I am in the process of getting an immigrant visa (sponsorship by sister). The NVC have just emailed me to say they are sending the case file to the US Embassy here in the UK. Could someone tell me how long it will be before I get an interview witht he Embassy? I also believe I need to have the medical done before the interview takes place.


----------



## Davis1 (Feb 20, 2009)

rattiegyal said:


> I am in the process of getting an immigrant visa (sponsorship by sister). The NVC have just emailed me to say they are sending the case file to the US Embassy here in the UK. Could someone tell me how long it will be before I get an interview witht he Embassy? I also believe I need to have the medical done before the interview takes place.
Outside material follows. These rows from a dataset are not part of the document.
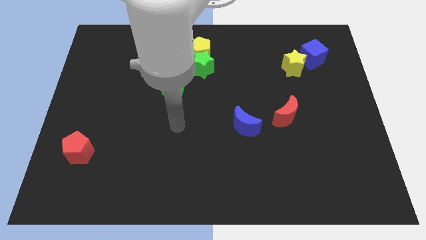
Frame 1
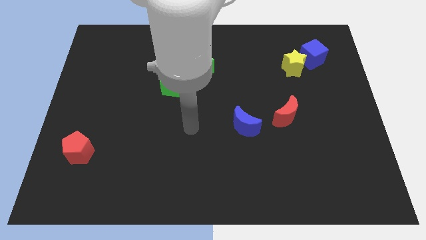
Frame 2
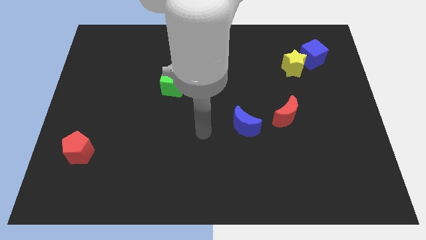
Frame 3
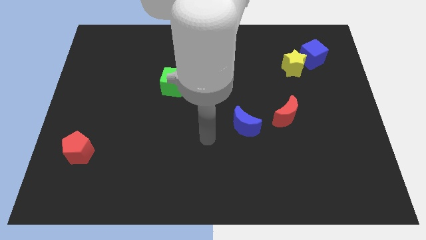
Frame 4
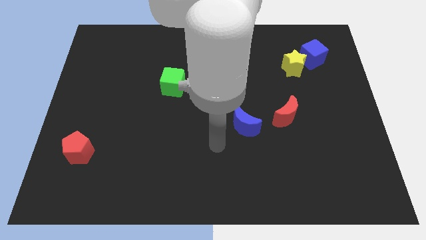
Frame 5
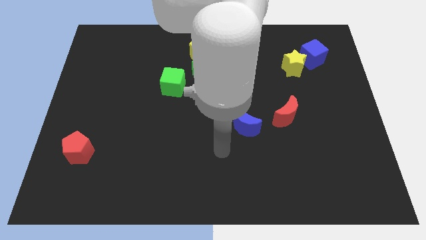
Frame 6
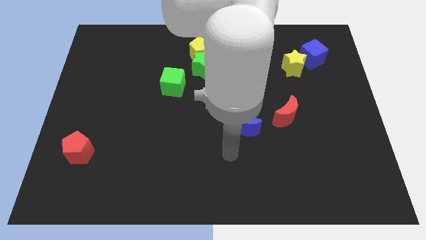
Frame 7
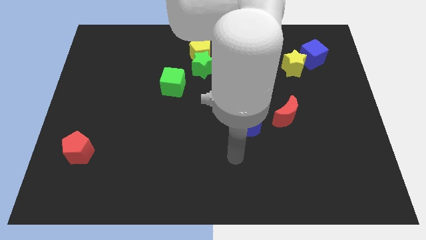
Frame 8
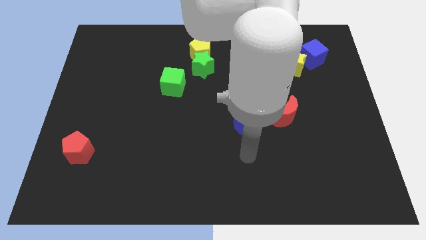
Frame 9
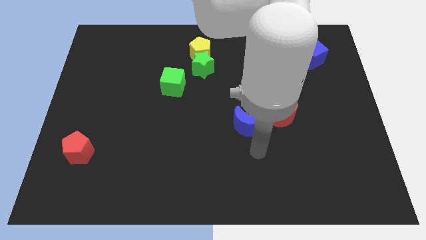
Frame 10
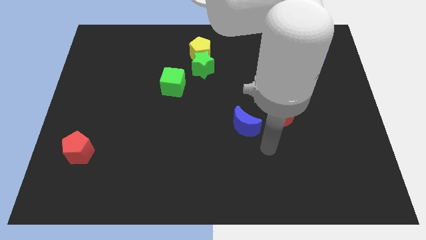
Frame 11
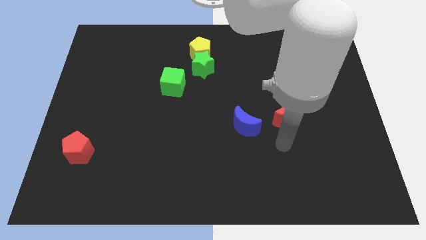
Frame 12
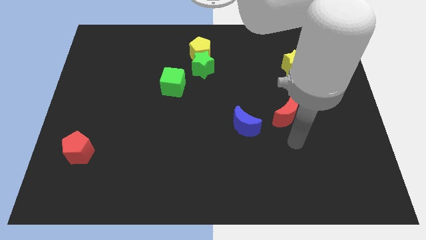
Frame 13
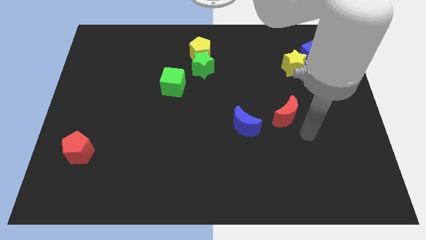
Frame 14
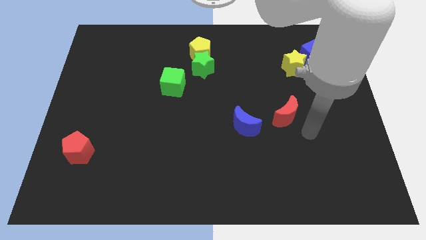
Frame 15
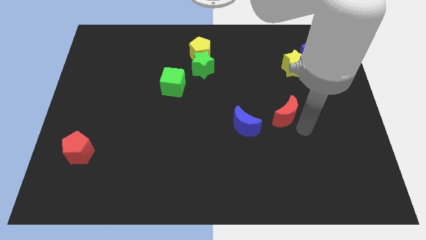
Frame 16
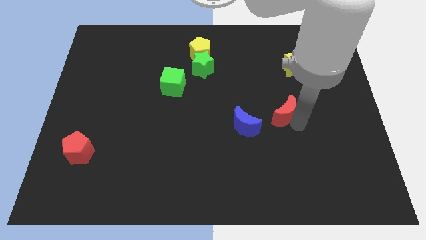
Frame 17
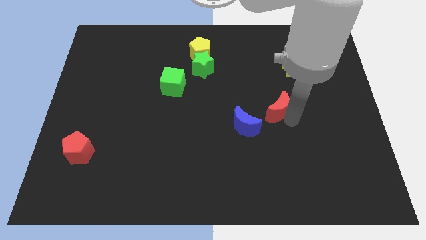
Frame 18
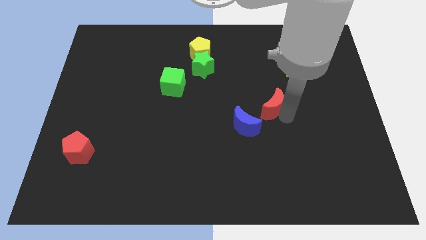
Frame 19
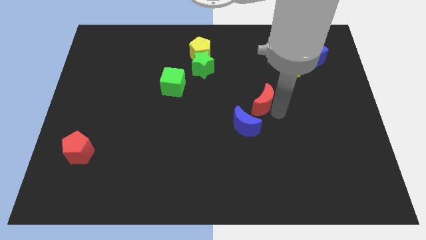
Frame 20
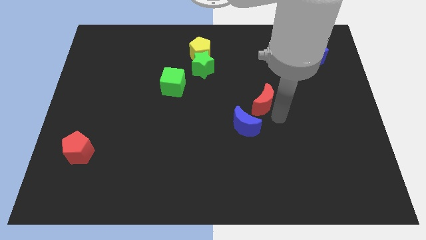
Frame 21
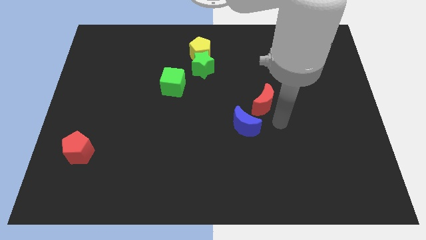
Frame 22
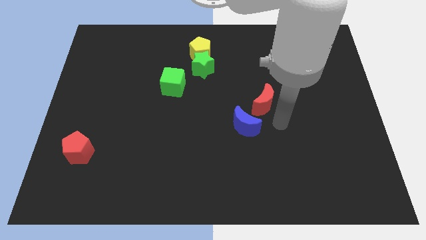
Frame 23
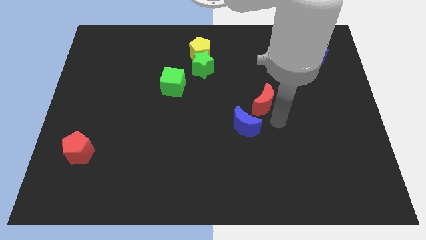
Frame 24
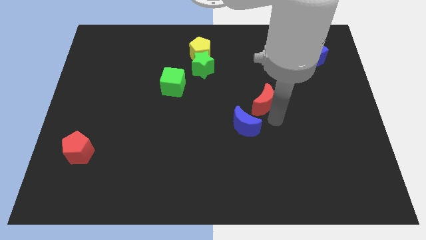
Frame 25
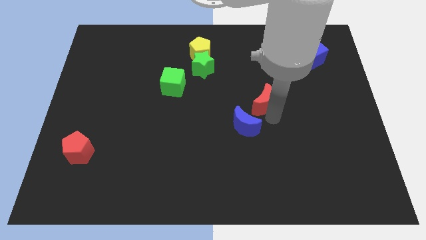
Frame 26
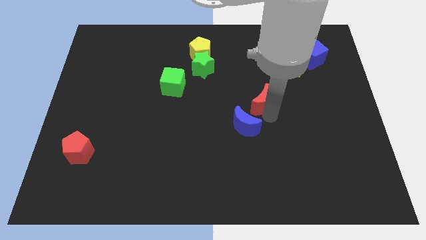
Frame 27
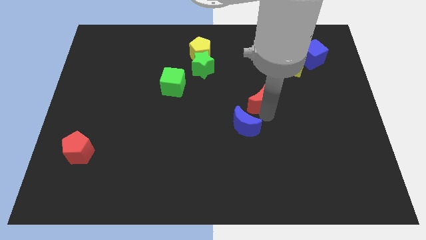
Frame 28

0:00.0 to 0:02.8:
move the red moon up and to the left diagonally a bit

sponsorship by a sister takes about 10 years to get the visa
when did she file??


----------



## rattiegyal (Jun 22, 2010)

Davis1 said:


> sponsorship by a sister takes about 10 years to get the visa
> when did she file??


Yes, she applied 10 years ago and at the beginning of this year I received the application form. This has been filled in, photos and all paperwork necessary, i.e. police reports etc. have been given. Hence the email from the NVC at the weekend saying that all paperwork needed is on the case file and this file is being sent to the US Embassy in London for them to contact me for an interview. I now need to know approx. how long it will take for the Embassy to contact me for an interview date so I can start working on getting the medical.


----------



## Davis1 (Feb 20, 2009)

rattiegyal said:


> Yes, she applied 10 years ago and at the beginning of this year I received the application form. This has been filled in, photos and all paperwork necessary, i.e. police reports etc. have been given. Hence the email from the NVC at the weekend saying that all paperwork needed is on the case file and this file is being sent to the US Embassy in London for them to contact me for an interview. I now need to know approx. how long it will take for the Embassy to contact me for an interview date so I can start working on getting the medical.
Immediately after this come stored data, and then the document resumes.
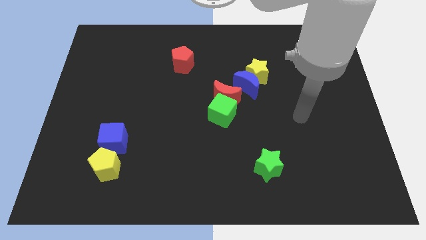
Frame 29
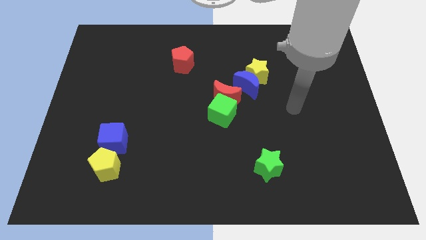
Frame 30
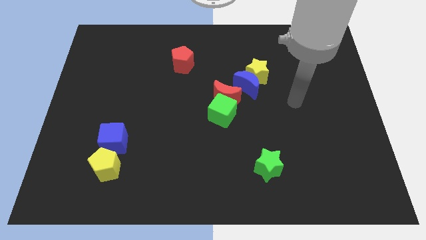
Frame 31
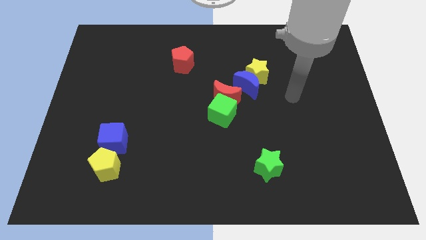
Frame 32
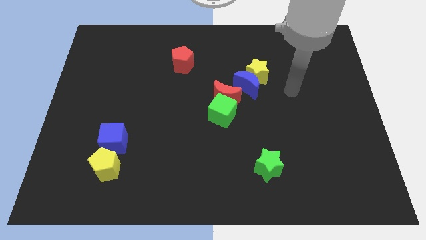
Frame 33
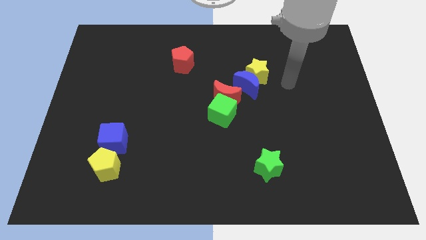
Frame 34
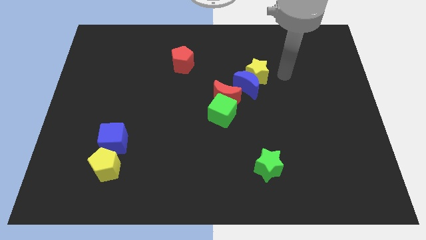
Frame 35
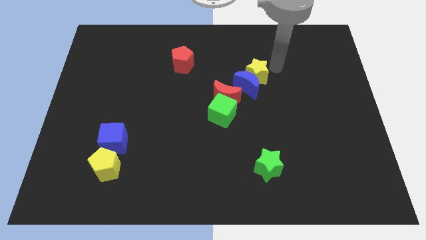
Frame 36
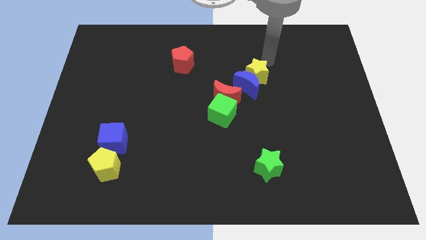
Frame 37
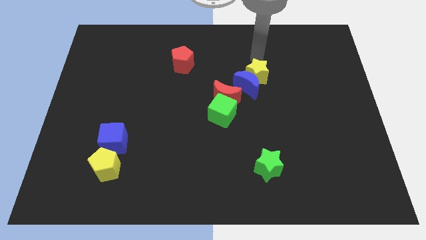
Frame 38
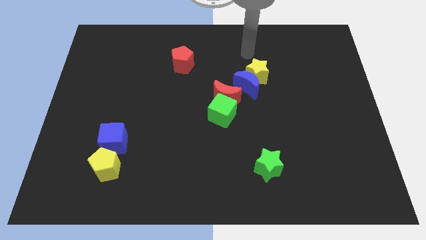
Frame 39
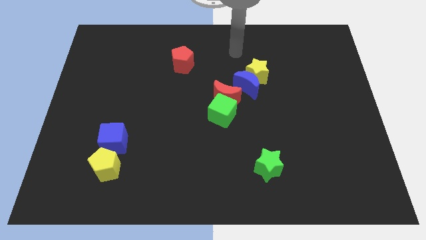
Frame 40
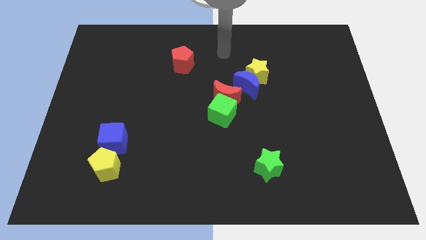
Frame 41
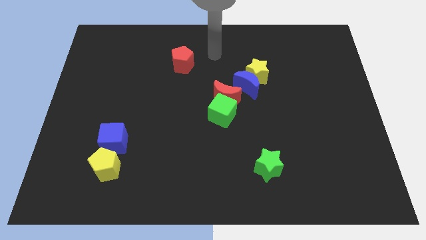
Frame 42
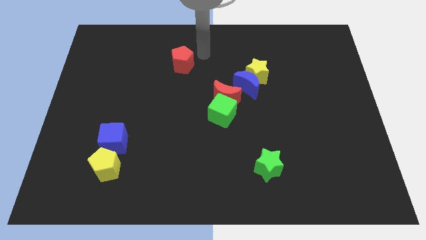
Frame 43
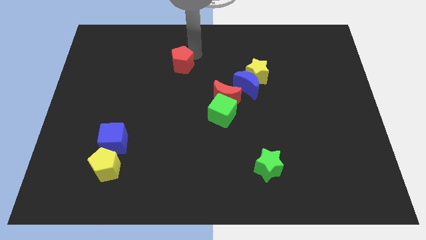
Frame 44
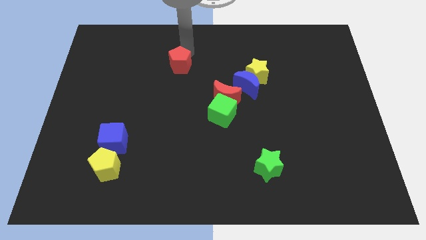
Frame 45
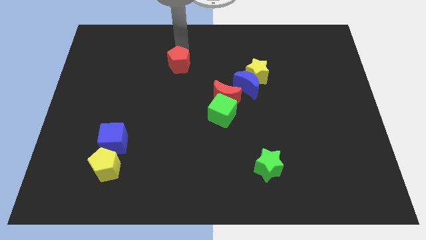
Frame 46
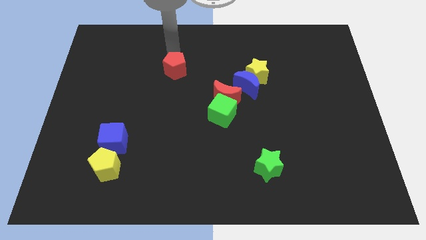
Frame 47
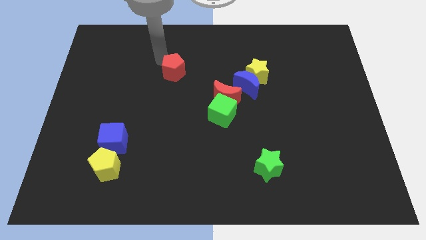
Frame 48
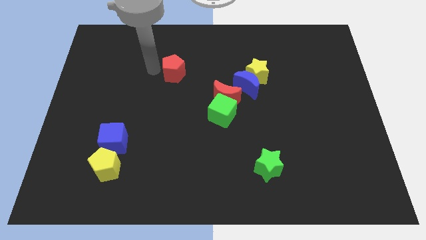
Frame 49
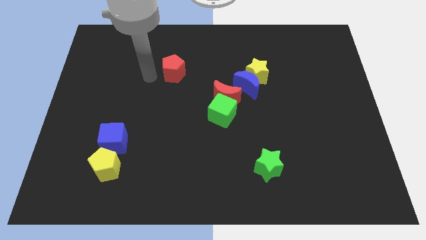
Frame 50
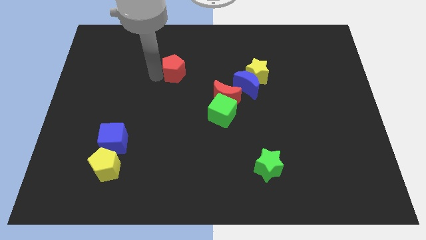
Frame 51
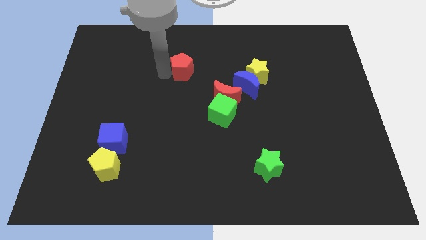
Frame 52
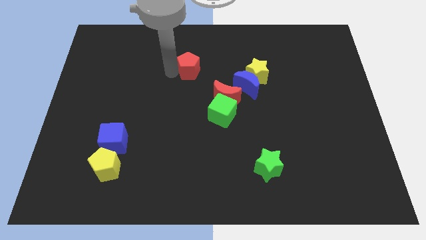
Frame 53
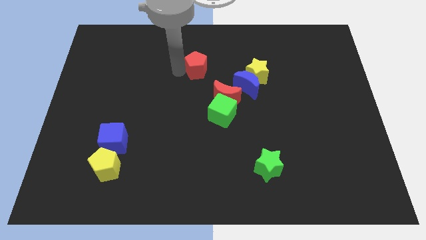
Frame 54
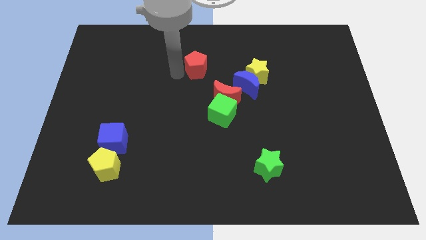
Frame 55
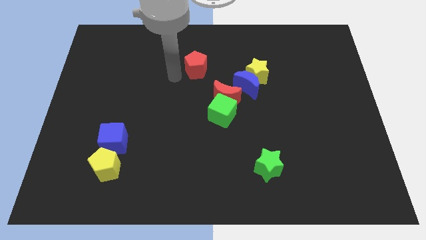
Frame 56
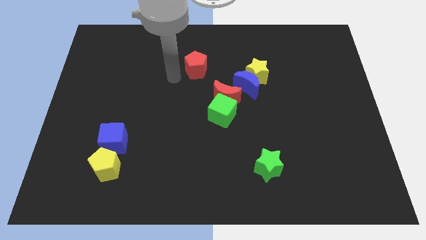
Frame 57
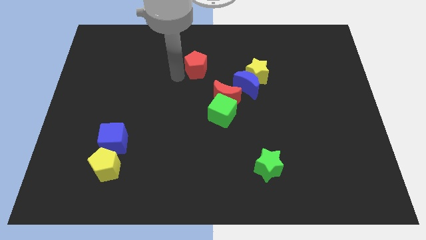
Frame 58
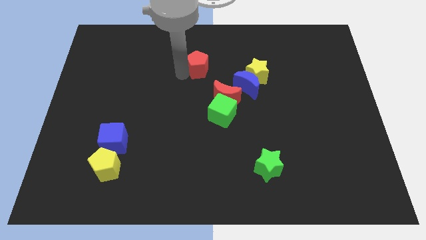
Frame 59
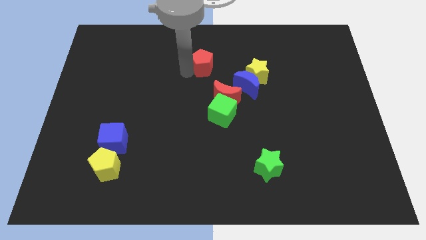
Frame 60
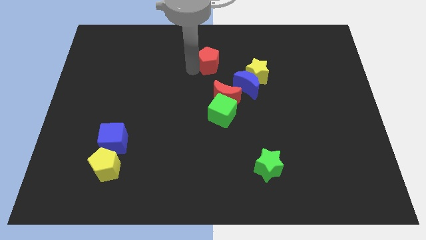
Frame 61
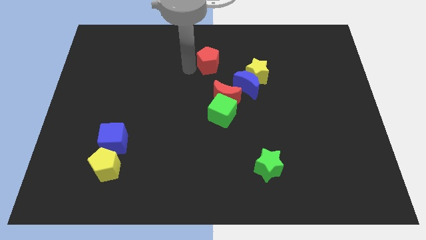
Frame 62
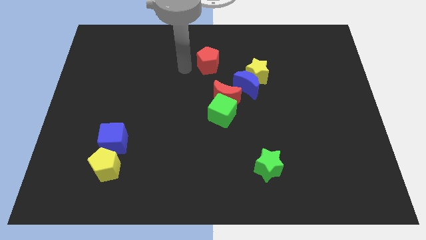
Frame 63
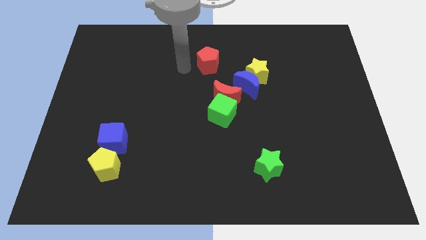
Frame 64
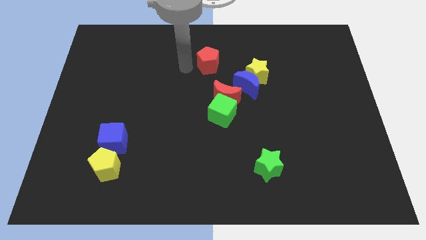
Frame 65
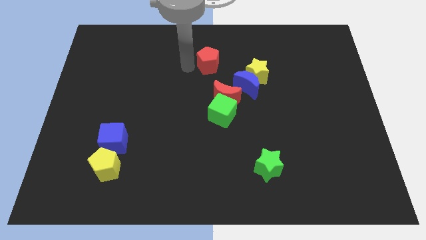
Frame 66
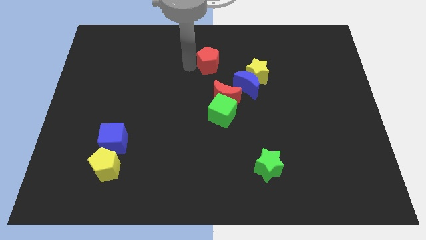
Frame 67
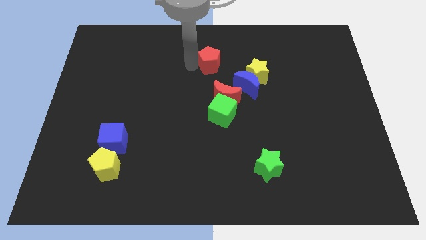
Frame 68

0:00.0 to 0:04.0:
slightly push the red pentagon to the right

Anytime in the next 12 months ... more probably in the next 6 months 
but they move at just the one pace...when they eventually contact you ..you will get the instruction for the medical ..police report etc ..


----------



## Fatbrit (May 8, 2008)

rattiegyal said:


> Yes, she applied 10 years ago and at the beginning of this year I received the application form. This has been filled in, photos and all paperwork necessary, i.e. police reports etc. have been given. Hence the email from the NVC at the weekend saying that all paperwork needed is on the case file and this file is being sent to the US Embassy in London for them to contact me for an interview. I now need to know approx. how long it will take for the Embassy to contact me for an interview date so I can start working on getting the medical.


You're probably only a month or so off getting the interview. However, we're approaching July 4th, that time when Americans celebrate their first civil war for some strange reason. It's also the time they seem to rotate staff.

You can't book the medical until you get the first packet from the embassy with your case number on it.
Info on doc here: Knightsbridge Doctors Visa Medicals

It's time to get your records from your GP. Note that if you haven't got documentary evidence of the right jabs, they will jab you again. Usually cheaper to get them from your GP.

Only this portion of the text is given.